Probability Spaces
A lot of systems are very complex. For example describing the motion of water molecules or the stock market. In such cases, it can be impossible to describe the system in such great detail to predict specific outcomes. Instead, we use probabilistic models to describe the system. These probabilistic models use and follow the rules of probability theory.
Another example of a complex system is quantum theory. For most already the name is enough to make them shiver. But in 1900 Max Planck came up with some building blocks to describe the system of quantum theory using probability theory. This was the birth of quantum theory. This was highly controversial at the time because physicists were used to deterministic models, i.e models that were able to predict outcomes with certainty. Einstein was one of the most vocal critics of quantum theory.
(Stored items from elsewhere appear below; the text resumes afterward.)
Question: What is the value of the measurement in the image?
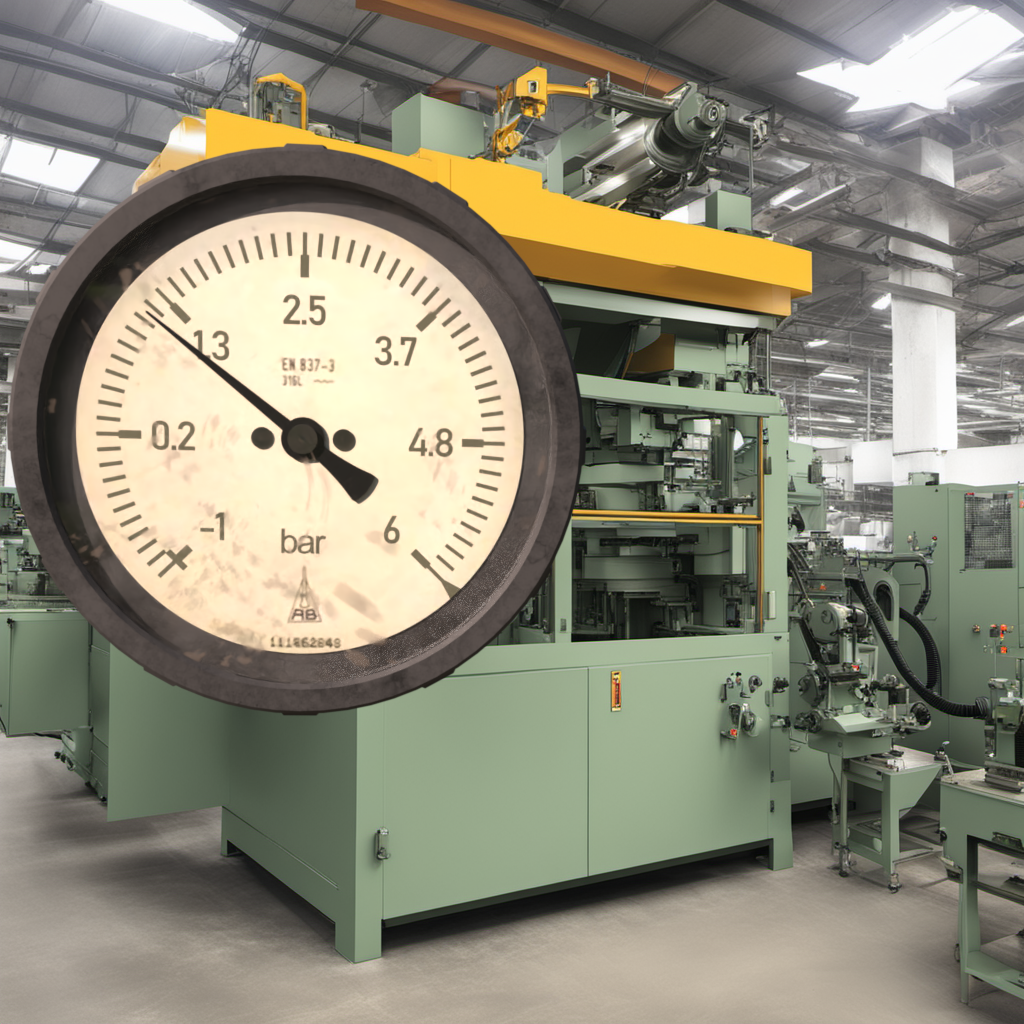
Answer: The result is 1.16
Question: What is the range of the measurement shown in the image?
Answer: The range is from -1 to 6
Question: What is the minimum and maximum reading range of this measurement?
Answer: The minimum value is -1 and the maximum value is 6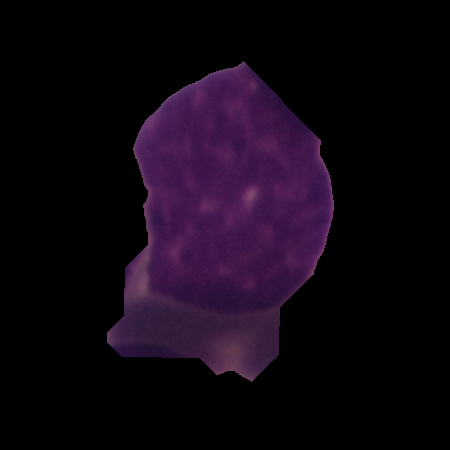
Label: cancer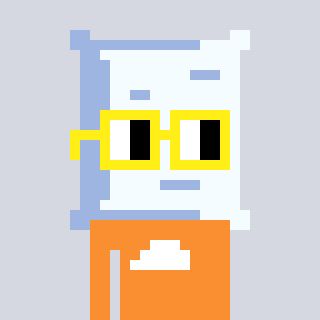
a pixel art character with square yellow glasses, a pillow-shaped head and a orange-colored body on a cool background

He famously said “God does not play dice with the universe” and one of his life goals was to find a deterministic model for quantum theory. But so far no one has been able to do so.
These probabilistic models are based on the concept of a probability space, a mathematical model that describes the possible outcomes of a random experiment and the probability of each outcome.
Random Experiments
First of all, we need to define what a random experiment is. A random experiment or also called trial is an experiment that can be repeated arbitrarily often and leads to a mutually exclusive and exhaustive set of outcomes.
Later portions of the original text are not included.